Rector Paul Thompson, SU Vice-President Andrew Lacon and four students from Innovation Design Engineering – Ben Alun-Jones, Jonathan Fraser, Amrita Kulkarni and Julene Aguiree Bielschowsky – will be among the 8,000 torchbearers to have carried the flame across the UK to its final destination of the London Olympic stadium.

Since its arrival from Greece on 18 May, the flame, which symbolises peace, unity and friendship, has journeyed around the UK reaching as far as the Isle of Man and the Channel Islands.

The torch will pass through Hackney on Saturday, before reaching Bexley on Sunday, and journeying through Lewisham and Wandsworth on Monday. It will then pass through Camden and Westminster, finally reaching Stratford on 27 July.
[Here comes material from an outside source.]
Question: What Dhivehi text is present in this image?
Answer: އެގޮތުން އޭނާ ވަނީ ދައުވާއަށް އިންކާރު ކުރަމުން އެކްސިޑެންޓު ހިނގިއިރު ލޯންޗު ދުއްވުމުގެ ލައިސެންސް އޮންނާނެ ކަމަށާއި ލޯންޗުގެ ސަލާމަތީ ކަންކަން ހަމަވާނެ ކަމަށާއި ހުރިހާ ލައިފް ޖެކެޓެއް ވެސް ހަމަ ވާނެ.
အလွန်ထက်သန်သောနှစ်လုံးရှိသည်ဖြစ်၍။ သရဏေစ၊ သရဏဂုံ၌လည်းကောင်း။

The ceremony of carrying the Olympic flame, the torch and the relay has roots in the rituals of the Ancient Greek Games. A flame on the altar of the goddess, Hera, burned throughout the ancient Games, while messengers, travelling throughout the country, declared an official truce.In the modern Games, the Olympic flame is lit from sun’s rays at the temple of Hera in Olympia, and follows a relay around Greece, before being handed over to the host city at a ceremony in Athens.

In the host country, it charts a path through as many areas as possible, passing from one torchbearer to another, before reaching the Olympic cauldron. It is the cauldron that stays lit throughout the Games and is extinguished at the end of the closing ceremony.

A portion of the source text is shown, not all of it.